■ Exercise aim ■
In the entries below, which lines run from the one containing "#5644=VERTEX_POINT('',#20885);" to the one containing "#7007=EDGE_CURVE('',#5643,#5642,#844,.T.);"? Copy exactly those lines, ends included, and no others.

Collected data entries
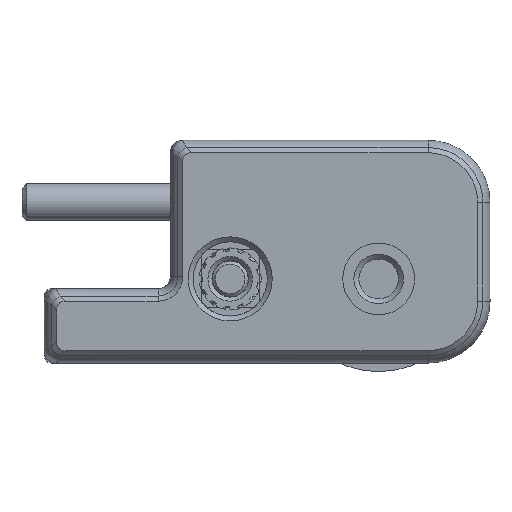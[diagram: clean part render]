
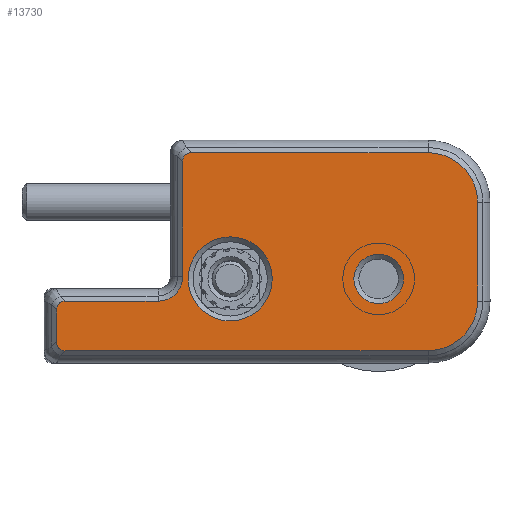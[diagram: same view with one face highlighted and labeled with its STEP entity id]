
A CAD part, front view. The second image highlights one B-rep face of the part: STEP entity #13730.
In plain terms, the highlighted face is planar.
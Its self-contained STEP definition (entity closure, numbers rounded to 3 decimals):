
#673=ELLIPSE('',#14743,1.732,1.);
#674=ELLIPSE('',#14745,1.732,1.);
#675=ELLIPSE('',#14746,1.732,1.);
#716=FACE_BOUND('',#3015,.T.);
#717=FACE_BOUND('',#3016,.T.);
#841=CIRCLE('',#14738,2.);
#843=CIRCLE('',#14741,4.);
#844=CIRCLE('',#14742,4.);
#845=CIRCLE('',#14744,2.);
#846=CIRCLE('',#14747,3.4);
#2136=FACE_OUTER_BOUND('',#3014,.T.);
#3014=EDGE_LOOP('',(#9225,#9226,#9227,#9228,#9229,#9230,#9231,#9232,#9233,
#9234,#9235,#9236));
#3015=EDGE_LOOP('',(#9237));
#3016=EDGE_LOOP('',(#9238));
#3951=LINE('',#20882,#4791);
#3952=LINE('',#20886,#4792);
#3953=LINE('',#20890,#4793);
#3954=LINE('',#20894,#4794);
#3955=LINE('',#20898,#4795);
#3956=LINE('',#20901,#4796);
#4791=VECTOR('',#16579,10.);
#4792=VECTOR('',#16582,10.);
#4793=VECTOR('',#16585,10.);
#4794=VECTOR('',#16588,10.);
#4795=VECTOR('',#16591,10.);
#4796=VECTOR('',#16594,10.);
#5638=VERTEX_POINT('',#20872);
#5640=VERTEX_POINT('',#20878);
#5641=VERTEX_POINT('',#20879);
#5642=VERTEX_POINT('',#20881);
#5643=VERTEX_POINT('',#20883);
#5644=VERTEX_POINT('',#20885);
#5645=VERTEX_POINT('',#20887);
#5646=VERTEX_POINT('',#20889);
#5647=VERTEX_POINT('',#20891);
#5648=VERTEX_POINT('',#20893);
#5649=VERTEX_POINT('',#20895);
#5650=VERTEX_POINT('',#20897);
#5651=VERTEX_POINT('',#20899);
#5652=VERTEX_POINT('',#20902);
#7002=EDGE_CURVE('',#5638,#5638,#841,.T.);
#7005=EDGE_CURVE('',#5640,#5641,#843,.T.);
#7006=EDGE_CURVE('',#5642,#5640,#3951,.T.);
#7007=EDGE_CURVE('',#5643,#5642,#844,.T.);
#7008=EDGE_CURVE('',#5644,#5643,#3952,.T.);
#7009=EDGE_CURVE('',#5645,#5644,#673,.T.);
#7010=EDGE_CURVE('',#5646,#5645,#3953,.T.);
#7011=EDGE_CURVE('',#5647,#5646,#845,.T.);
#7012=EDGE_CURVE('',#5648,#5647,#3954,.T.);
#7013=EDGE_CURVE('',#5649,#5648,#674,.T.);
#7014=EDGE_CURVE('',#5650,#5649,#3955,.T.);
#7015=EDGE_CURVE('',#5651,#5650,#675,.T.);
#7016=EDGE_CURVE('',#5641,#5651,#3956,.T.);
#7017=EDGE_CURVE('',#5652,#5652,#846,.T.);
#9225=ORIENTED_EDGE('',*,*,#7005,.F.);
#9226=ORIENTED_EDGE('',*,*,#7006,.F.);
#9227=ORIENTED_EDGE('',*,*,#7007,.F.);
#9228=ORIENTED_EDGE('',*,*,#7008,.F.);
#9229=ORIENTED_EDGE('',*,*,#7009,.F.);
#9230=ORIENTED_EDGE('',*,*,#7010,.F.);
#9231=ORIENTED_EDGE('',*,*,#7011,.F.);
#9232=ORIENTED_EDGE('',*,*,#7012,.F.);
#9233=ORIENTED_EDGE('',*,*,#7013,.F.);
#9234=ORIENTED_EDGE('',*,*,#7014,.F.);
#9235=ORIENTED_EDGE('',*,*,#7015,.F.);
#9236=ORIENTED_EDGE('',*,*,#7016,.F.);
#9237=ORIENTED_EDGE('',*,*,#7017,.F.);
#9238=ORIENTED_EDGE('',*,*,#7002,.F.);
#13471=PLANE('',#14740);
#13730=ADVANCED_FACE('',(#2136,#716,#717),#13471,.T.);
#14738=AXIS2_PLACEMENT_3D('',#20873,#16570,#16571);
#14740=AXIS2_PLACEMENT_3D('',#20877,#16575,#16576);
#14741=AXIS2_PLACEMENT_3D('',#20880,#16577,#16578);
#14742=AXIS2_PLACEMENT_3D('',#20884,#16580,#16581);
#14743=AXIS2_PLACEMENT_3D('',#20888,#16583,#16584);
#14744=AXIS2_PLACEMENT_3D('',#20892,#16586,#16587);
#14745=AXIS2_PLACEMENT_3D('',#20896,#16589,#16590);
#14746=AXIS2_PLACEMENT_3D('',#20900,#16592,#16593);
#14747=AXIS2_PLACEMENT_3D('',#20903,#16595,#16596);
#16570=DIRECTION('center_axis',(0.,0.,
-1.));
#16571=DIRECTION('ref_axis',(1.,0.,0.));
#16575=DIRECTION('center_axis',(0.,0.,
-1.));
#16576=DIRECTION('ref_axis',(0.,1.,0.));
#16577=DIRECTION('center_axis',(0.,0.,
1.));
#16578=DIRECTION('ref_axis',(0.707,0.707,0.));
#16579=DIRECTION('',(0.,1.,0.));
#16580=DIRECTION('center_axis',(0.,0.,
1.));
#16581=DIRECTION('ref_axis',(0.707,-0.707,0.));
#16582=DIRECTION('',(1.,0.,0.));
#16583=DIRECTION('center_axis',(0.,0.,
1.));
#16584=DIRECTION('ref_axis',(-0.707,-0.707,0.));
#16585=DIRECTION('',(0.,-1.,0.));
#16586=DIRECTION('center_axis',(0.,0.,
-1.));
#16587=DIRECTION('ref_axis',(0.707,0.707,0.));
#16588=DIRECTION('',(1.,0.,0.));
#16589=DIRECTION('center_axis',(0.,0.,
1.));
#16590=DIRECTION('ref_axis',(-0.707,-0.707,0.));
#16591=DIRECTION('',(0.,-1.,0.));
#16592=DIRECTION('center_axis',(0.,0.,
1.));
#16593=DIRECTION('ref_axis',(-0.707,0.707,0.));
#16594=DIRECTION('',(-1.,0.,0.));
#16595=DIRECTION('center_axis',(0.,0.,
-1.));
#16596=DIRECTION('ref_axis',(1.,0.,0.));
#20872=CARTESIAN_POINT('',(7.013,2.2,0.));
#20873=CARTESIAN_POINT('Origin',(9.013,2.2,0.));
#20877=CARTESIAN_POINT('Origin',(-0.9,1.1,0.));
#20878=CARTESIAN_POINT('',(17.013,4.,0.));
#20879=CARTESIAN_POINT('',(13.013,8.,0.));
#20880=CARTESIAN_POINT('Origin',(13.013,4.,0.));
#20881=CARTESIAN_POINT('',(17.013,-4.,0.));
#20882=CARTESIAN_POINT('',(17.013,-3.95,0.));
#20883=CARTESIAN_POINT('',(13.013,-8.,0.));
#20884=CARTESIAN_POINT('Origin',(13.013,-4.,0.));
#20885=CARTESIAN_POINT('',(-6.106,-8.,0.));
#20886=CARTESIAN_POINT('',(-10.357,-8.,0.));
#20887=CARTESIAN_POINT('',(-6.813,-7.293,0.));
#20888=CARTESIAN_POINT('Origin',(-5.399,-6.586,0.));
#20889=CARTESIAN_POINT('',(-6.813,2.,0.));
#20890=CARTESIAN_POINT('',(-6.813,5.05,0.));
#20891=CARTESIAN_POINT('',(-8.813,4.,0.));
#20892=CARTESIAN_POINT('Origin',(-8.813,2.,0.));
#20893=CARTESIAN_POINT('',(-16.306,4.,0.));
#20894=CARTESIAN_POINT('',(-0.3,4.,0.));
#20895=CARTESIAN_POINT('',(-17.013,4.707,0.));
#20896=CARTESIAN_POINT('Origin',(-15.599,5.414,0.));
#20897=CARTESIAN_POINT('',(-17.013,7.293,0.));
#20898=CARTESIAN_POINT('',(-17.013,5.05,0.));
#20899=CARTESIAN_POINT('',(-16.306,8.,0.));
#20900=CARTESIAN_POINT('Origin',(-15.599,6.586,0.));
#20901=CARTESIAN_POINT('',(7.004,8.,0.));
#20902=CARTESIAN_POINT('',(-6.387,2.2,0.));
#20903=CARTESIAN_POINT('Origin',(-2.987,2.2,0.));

■ Answer box ■
#5644=VERTEX_POINT('',#20885);
#5645=VERTEX_POINT('',#20887);
#5646=VERTEX_POINT('',#20889);
#5647=VERTEX_POINT('',#20891);
#5648=VERTEX_POINT('',#20893);
#5649=VERTEX_POINT('',#20895);
#5650=VERTEX_POINT('',#20897);
#5651=VERTEX_POINT('',#20899);
#5652=VERTEX_POINT('',#20902);
#7002=EDGE_CURVE('',#5638,#5638,#841,.T.);
#7005=EDGE_CURVE('',#5640,#5641,#843,.T.);
#7006=EDGE_CURVE('',#5642,#5640,#3951,.T.);
#7007=EDGE_CURVE('',#5643,#5642,#844,.T.);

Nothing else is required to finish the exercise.